The point that the cylindrical portion 10a is formed at the end of the inner tube 10 and the small-diameter portion 4a that fits into the cylindrical portion 10 is formed at the end of the center shaft portion 4 of the stator is the same as in the case of FIG. But,
In the present invention, the thickness of the cylindrical portion 10a is increased, and the depth h is increased. Furthermore, approximately equal to or greater than the area S ₁ of the fitting surface of the cylindrical portion 10a and a small diameter portion 4a is a cross-sectional area S ₂ of the inner tube 10, and the cross-sectional area of the small-diameter portion 4a S ₃ and the cylindrical portion 10a both the cross-sectional area S ₄ of, to the area where a sufficient margin to pass a magnetic flux electromagnetic coil 5 is generated. If the diameter of the inner tube 10 is D, the diameter of the small diameter portion 4a of the stator center shaft portion 4 is d, and the non-magnetic material is used as the center through shaft 9 of the clutch shaft, and the diameter is m, the respective areas
S ₁ , S ₂ , S ₃ , and S ₄ are represented by the following equations.

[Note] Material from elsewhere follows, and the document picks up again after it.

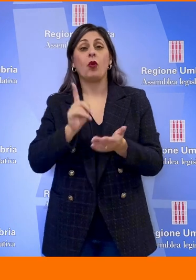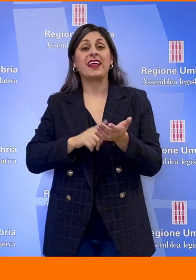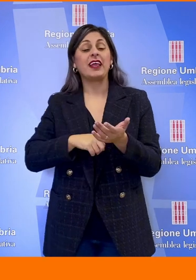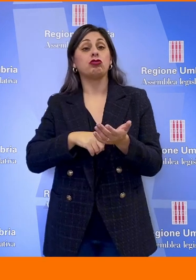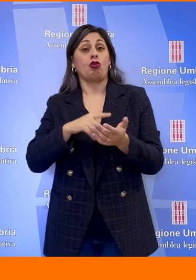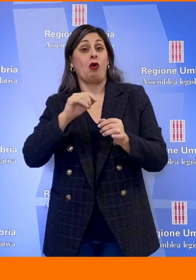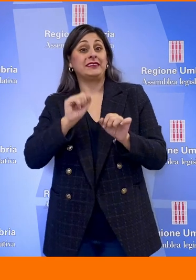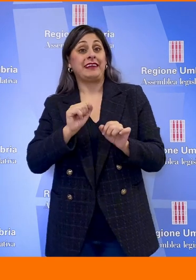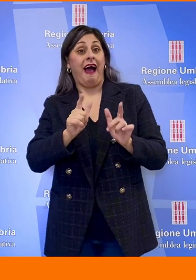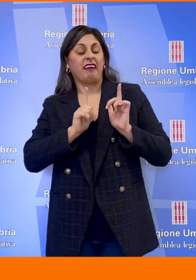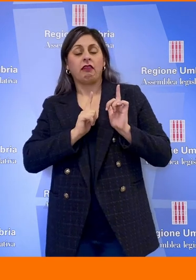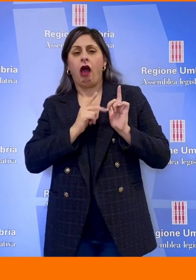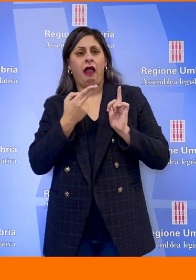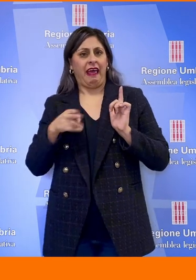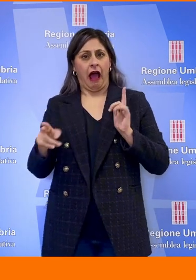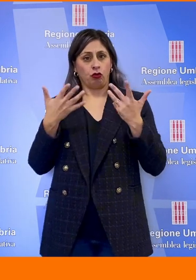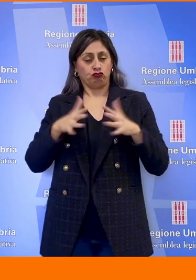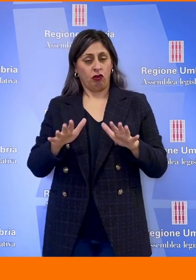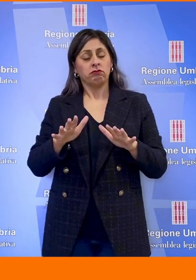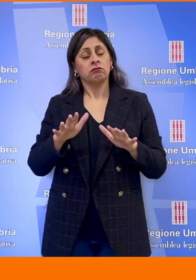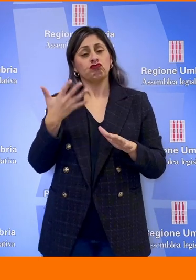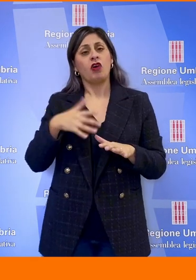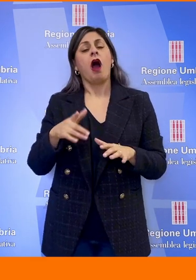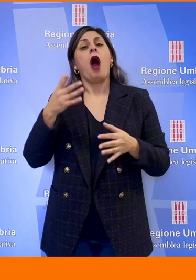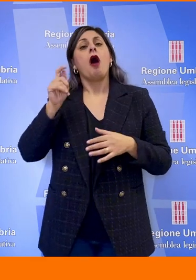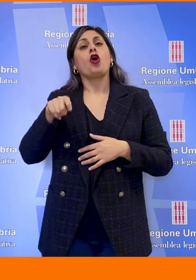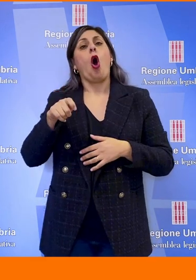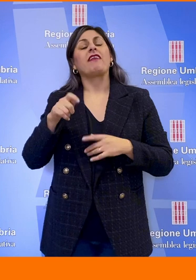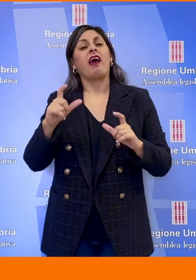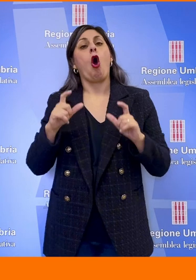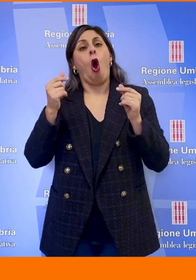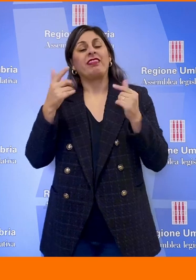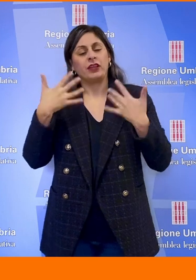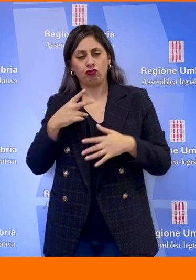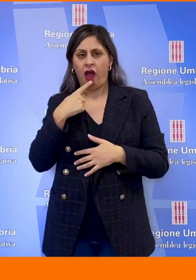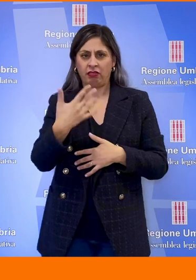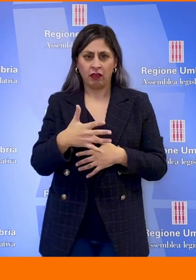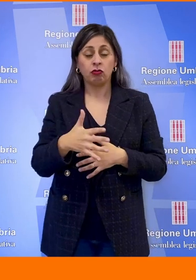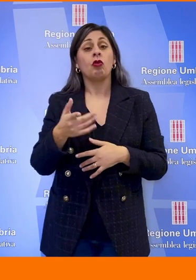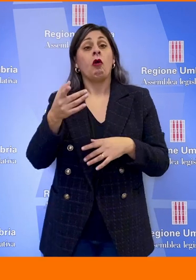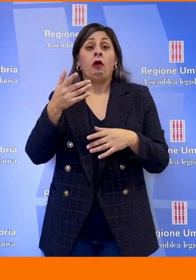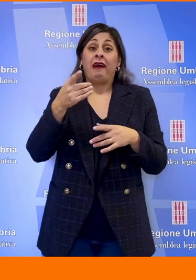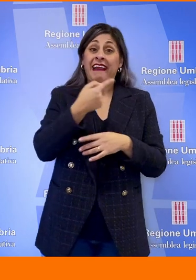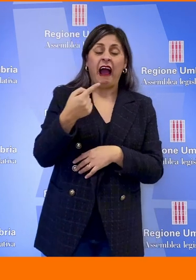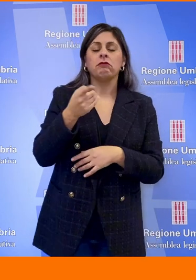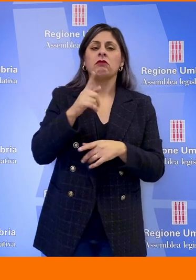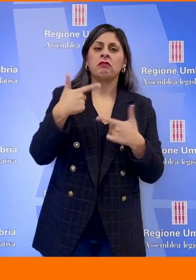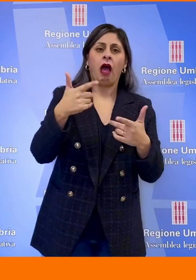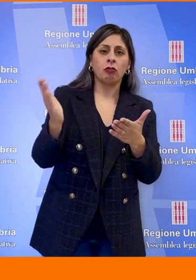stati negati, ce l'ha ricordato anche la Corte dei Conti, sono negati o sono stati comunque indeboliti. Quando parliamo di sanità
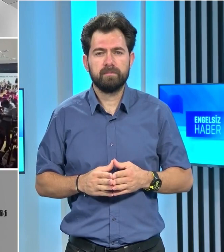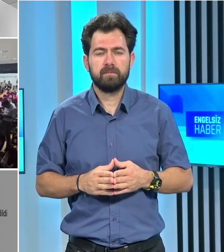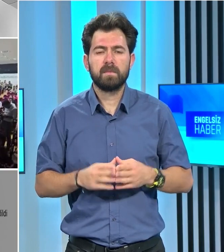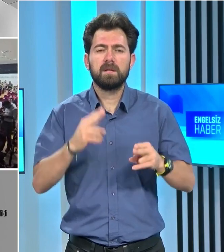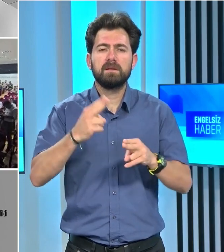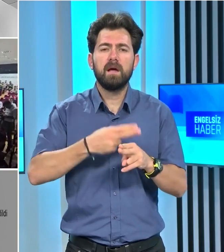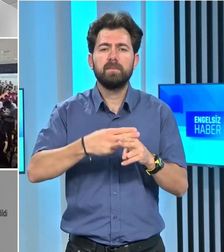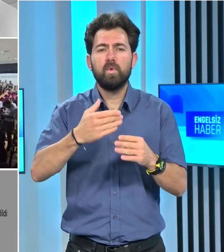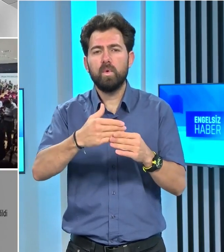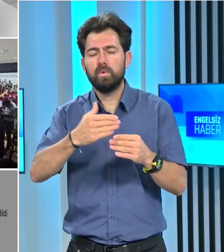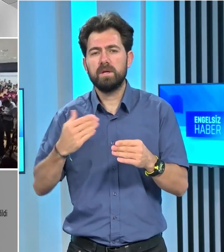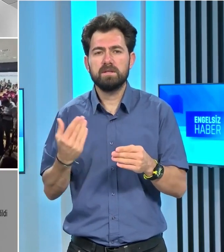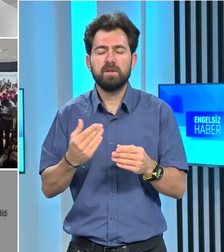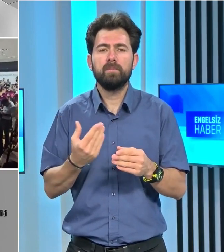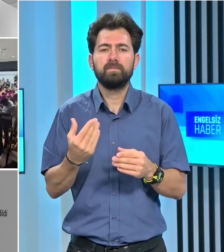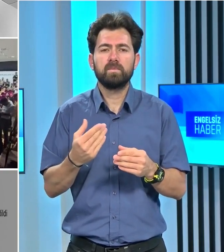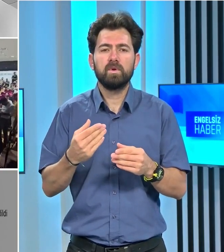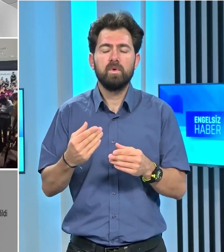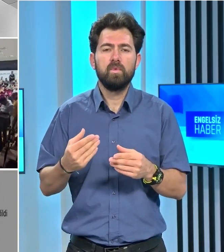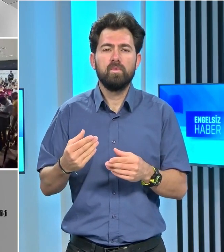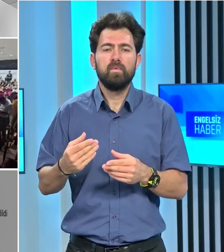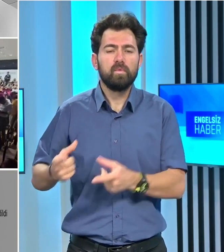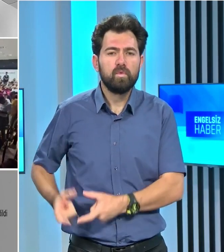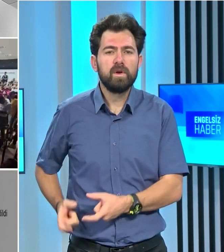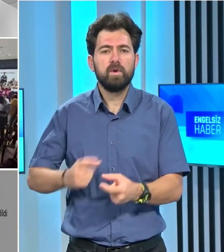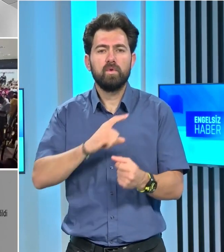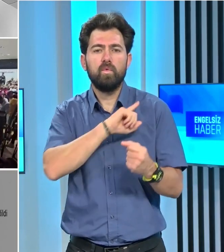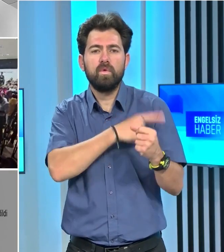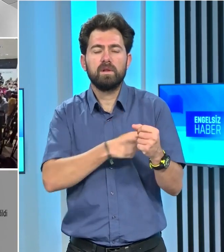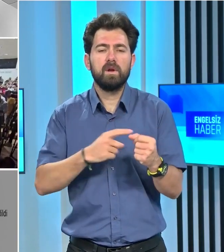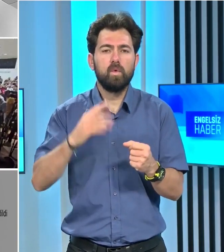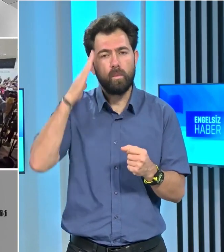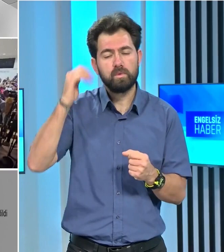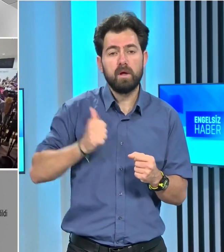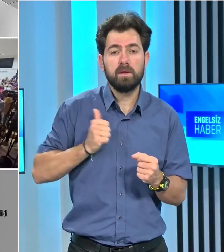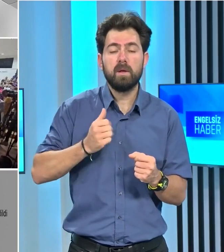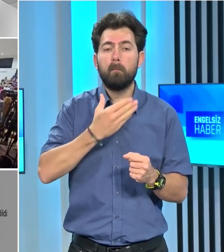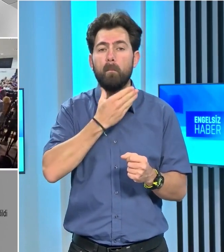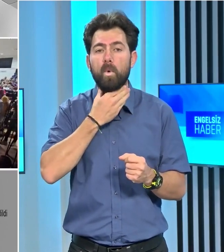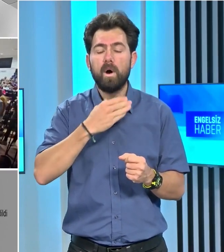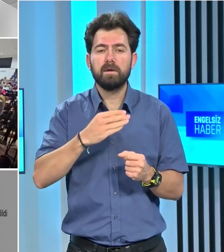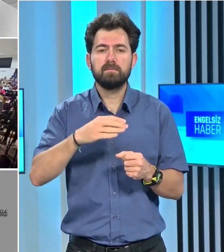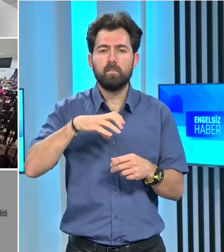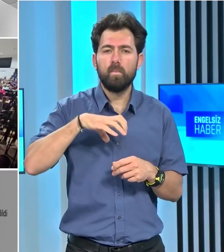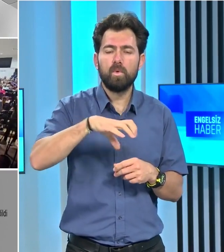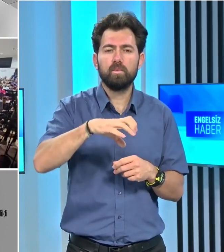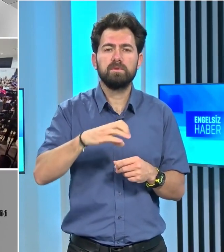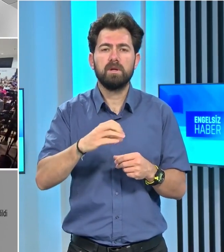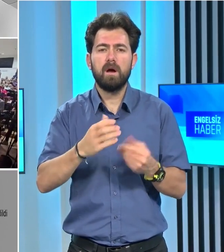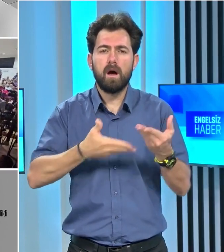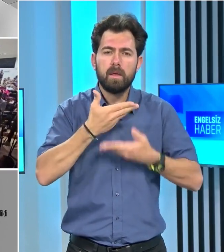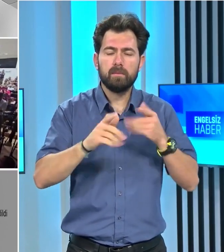Tatbikat öncesinde Güvenlik Kuvvetleri Komutanlığı Boğaz Karargahı'nda briefing düzenlendi.

S ₁ = πdx, S ₂ = π (D ² −m ² ) / 4 S ₃ = π (d ² −m ² ) / 4 S ₄ = π (D ² −d ² ) / 4 In this embodiment, As in FIG. 1, cylindrical part
The gap x between the inner surface of 10a and the outer surface of the small diameter portion 4a is 0.02 mm or more.
The thickness of the circular sheet 14 is about 0.05 mm, which is smaller than 0.1 mm.

The gap n between the distal end surface of the cylindrical portion 10a of the inner tube 10 and the stator center shaft portion 4 is about n = 0.5 mm. In the embodiment, the gap n is not regarded as a part of the magnetic circuit through which the magnetic flux passes. If the gap n is narrowed, the magnetic flux can pass through. However, in this case, there is a risk of contact when the circular sheet is worn, so that a large gap is provided with a sufficient margin.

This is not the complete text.